Directions for this task:
Please print only the top portion of the entries below, ending with the line that contains "<desc>Du 2012-09-03 au 9999-01-01</desc>", exactly as written.

Given records:
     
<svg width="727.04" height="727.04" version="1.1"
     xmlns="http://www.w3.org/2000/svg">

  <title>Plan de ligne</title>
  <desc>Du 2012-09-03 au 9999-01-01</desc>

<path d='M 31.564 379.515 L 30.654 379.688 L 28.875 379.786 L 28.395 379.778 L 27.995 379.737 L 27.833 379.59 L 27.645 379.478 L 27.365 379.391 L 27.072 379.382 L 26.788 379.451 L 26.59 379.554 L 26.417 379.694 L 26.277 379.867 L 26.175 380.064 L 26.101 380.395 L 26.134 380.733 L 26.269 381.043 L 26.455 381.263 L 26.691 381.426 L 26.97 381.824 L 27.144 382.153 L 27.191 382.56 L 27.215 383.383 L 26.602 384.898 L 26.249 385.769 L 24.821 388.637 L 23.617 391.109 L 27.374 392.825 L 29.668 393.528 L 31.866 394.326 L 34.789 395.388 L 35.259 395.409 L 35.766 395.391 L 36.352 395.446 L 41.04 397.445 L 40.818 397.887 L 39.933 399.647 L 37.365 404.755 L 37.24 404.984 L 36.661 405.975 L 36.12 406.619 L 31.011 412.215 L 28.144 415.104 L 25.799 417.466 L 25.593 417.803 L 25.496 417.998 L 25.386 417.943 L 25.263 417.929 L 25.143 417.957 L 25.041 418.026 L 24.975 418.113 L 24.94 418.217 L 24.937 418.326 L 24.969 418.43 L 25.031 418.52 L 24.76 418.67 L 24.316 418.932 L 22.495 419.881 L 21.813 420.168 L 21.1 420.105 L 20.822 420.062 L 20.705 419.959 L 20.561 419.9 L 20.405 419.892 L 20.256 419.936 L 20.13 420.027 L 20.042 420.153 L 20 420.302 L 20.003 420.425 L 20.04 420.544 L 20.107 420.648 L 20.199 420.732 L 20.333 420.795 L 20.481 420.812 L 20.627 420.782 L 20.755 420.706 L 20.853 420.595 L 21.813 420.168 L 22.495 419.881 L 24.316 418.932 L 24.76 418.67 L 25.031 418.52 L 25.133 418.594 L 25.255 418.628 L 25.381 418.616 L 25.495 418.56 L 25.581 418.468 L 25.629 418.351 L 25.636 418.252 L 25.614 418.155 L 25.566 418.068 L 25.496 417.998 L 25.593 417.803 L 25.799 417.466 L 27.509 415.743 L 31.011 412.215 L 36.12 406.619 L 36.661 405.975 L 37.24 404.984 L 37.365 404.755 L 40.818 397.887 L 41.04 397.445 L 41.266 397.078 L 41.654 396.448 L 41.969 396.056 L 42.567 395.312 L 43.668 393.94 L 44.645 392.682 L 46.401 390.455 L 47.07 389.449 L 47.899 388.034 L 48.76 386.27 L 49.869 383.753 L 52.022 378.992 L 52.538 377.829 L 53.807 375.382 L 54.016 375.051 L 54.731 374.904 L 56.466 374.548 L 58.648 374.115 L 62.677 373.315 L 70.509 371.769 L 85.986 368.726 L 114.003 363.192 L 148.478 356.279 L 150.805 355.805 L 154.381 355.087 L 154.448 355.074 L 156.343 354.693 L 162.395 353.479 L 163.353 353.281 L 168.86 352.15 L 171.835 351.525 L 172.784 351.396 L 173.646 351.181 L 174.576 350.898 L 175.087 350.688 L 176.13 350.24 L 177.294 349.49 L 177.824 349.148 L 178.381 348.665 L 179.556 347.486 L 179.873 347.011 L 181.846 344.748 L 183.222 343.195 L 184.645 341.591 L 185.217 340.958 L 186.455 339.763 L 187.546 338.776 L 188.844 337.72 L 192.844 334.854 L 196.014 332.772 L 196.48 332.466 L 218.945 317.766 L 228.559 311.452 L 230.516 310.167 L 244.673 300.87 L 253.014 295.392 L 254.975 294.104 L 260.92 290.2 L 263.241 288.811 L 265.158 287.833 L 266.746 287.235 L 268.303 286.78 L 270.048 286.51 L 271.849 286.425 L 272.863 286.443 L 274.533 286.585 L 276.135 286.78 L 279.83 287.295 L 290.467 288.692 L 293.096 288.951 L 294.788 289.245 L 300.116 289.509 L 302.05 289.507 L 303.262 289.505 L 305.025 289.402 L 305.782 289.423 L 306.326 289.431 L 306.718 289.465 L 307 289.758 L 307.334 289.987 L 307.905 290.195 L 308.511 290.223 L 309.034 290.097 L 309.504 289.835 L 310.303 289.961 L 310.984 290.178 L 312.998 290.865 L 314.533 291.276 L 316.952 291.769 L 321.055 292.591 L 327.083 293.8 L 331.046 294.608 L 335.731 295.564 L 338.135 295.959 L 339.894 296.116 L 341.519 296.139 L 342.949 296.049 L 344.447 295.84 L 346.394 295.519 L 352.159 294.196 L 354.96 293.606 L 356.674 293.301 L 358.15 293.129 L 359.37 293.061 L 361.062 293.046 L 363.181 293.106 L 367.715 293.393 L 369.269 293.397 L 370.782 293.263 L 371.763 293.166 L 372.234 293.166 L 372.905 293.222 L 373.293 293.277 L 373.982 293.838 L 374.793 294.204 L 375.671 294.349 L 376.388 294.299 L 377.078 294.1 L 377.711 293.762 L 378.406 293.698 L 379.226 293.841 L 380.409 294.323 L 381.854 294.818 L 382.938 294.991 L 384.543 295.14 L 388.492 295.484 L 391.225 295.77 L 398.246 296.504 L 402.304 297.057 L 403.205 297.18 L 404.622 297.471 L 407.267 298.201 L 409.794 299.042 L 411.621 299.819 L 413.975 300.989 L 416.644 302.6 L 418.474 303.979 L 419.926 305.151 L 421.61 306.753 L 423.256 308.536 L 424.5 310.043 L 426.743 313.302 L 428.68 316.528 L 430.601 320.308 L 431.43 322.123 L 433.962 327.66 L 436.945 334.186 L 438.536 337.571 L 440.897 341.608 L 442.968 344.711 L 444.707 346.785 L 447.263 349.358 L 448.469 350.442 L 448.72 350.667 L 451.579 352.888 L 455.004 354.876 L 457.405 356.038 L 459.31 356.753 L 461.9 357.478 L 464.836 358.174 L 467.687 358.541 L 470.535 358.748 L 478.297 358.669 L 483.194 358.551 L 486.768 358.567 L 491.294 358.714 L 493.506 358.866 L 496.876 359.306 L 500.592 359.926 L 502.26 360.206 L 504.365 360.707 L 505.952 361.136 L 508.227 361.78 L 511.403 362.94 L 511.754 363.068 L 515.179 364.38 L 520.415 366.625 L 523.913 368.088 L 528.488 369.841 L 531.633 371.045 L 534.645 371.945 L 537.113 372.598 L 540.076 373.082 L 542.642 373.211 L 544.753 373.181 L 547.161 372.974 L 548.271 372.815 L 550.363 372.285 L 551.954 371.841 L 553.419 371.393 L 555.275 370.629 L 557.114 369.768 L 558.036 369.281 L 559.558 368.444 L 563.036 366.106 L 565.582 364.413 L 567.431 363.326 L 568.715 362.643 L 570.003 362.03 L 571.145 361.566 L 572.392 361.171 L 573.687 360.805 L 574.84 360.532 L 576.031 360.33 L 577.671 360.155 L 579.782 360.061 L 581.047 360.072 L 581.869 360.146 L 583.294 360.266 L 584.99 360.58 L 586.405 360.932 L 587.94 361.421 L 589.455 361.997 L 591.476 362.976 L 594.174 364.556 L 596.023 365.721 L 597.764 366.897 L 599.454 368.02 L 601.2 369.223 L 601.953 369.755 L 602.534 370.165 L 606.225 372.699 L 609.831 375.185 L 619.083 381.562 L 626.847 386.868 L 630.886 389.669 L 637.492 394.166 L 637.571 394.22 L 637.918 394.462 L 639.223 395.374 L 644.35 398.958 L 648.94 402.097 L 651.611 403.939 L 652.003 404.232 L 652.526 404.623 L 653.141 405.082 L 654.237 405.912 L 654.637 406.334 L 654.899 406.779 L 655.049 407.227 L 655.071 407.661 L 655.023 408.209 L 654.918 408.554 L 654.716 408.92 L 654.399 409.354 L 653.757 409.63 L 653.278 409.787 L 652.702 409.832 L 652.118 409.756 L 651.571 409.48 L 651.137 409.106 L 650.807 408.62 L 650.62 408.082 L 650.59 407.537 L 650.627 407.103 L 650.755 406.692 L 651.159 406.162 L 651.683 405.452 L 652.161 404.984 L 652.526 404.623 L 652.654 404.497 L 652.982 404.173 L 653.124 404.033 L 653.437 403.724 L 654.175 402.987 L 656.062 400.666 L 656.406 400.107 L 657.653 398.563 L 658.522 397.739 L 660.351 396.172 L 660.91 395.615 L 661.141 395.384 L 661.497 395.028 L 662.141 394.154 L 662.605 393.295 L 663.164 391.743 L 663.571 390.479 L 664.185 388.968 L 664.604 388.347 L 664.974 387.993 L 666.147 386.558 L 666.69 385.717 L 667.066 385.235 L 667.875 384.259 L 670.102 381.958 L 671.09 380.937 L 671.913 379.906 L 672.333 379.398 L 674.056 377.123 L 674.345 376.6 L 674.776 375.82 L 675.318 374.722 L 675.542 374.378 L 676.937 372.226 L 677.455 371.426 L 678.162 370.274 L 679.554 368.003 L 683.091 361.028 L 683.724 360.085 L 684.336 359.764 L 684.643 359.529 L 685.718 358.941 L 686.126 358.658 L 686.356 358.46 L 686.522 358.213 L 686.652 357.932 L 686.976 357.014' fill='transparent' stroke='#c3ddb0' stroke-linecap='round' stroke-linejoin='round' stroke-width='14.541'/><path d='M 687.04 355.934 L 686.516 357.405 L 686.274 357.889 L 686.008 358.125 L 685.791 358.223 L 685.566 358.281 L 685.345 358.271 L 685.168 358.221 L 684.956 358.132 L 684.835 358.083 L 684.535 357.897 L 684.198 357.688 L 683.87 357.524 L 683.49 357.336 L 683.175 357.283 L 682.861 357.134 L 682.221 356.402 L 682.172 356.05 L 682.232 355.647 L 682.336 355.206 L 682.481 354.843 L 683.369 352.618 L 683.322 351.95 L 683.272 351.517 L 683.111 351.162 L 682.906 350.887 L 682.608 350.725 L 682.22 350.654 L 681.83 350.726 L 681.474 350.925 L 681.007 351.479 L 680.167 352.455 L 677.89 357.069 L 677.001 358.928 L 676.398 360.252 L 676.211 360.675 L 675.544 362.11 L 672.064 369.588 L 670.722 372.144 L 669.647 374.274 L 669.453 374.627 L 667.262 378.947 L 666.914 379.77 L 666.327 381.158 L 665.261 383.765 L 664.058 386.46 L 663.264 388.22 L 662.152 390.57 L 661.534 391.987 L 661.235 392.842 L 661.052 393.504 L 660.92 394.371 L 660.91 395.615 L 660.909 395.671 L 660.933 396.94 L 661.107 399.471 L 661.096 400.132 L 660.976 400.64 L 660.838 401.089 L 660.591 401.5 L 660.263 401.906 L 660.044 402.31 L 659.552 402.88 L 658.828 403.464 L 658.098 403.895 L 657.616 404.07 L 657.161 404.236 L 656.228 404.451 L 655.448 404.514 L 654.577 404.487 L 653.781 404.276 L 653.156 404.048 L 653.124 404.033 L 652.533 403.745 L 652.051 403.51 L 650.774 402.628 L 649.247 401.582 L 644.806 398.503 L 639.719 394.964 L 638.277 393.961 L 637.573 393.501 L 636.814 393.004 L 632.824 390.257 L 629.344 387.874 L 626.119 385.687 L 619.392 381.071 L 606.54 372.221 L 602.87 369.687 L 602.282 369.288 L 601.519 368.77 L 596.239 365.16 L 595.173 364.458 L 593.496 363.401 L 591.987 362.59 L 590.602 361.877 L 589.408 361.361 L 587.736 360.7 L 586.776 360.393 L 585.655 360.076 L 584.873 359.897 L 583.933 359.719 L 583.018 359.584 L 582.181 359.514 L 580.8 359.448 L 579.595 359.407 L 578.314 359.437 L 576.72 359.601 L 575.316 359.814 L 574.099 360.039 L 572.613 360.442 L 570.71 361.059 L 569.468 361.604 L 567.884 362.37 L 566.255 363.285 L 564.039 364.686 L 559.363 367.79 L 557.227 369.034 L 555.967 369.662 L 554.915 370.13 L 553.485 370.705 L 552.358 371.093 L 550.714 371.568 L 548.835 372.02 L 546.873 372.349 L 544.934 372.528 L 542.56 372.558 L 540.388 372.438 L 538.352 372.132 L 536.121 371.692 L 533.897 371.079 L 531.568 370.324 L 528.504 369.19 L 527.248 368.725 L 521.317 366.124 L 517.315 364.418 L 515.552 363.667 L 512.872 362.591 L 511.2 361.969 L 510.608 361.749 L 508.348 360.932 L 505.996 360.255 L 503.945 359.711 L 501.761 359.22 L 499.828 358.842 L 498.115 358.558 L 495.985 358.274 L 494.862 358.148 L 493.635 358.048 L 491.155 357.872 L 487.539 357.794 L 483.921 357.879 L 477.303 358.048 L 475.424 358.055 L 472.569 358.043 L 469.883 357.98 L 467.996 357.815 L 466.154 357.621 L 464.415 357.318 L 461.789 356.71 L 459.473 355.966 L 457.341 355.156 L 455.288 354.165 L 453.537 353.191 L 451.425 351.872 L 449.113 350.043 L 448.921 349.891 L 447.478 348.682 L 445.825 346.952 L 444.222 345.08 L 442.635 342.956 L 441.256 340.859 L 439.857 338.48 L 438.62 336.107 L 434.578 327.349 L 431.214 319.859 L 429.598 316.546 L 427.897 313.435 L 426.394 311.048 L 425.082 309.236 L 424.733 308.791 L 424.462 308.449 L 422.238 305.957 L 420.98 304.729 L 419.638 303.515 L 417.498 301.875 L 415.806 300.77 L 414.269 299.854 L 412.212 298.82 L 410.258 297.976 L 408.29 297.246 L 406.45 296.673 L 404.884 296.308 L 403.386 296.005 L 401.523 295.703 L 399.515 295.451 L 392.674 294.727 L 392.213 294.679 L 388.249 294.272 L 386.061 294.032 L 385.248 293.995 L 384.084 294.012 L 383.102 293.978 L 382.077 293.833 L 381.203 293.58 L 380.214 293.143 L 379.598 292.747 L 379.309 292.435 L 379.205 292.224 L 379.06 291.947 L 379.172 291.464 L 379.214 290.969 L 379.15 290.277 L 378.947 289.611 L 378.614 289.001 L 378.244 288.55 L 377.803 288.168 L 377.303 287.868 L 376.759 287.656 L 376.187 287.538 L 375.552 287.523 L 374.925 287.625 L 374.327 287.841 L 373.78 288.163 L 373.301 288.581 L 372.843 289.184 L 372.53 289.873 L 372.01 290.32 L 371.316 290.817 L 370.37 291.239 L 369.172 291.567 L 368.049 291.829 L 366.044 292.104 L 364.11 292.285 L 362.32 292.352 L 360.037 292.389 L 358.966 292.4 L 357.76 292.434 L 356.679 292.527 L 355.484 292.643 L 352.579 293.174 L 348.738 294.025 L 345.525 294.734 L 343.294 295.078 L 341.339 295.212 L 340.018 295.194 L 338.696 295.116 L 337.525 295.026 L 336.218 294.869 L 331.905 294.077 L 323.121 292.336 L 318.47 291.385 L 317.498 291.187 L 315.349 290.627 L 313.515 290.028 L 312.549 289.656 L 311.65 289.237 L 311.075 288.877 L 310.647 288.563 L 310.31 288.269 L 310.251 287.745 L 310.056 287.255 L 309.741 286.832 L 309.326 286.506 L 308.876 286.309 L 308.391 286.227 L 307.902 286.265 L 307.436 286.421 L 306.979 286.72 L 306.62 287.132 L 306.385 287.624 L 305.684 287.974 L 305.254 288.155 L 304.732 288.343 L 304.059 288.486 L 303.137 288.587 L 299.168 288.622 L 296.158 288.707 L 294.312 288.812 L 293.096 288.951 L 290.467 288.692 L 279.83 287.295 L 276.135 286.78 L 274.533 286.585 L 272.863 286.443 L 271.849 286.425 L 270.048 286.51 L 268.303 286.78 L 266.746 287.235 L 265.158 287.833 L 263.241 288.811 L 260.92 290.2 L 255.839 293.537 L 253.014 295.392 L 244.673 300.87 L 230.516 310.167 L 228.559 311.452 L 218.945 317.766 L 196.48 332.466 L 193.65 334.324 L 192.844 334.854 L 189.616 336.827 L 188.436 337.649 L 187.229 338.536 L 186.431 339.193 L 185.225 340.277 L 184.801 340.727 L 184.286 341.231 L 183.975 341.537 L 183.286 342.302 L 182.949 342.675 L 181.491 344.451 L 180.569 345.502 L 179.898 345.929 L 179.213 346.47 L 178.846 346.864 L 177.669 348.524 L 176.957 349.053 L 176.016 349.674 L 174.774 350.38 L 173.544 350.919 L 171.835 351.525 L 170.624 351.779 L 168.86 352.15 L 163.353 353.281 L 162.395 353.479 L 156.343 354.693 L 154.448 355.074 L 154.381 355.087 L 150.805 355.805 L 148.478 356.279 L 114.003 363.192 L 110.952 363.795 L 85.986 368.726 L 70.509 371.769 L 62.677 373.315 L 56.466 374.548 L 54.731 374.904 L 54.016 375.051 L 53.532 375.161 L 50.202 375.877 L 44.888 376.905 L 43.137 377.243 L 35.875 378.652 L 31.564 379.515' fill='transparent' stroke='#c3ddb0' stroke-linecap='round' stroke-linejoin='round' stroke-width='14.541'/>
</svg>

Response:
<svg width="727.04" height="727.04" version="1.1"
     xmlns="http://www.w3.org/2000/svg">

  <title>Plan de ligne</title>
  <desc>Du 2012-09-03 au 9999-01-01</desc>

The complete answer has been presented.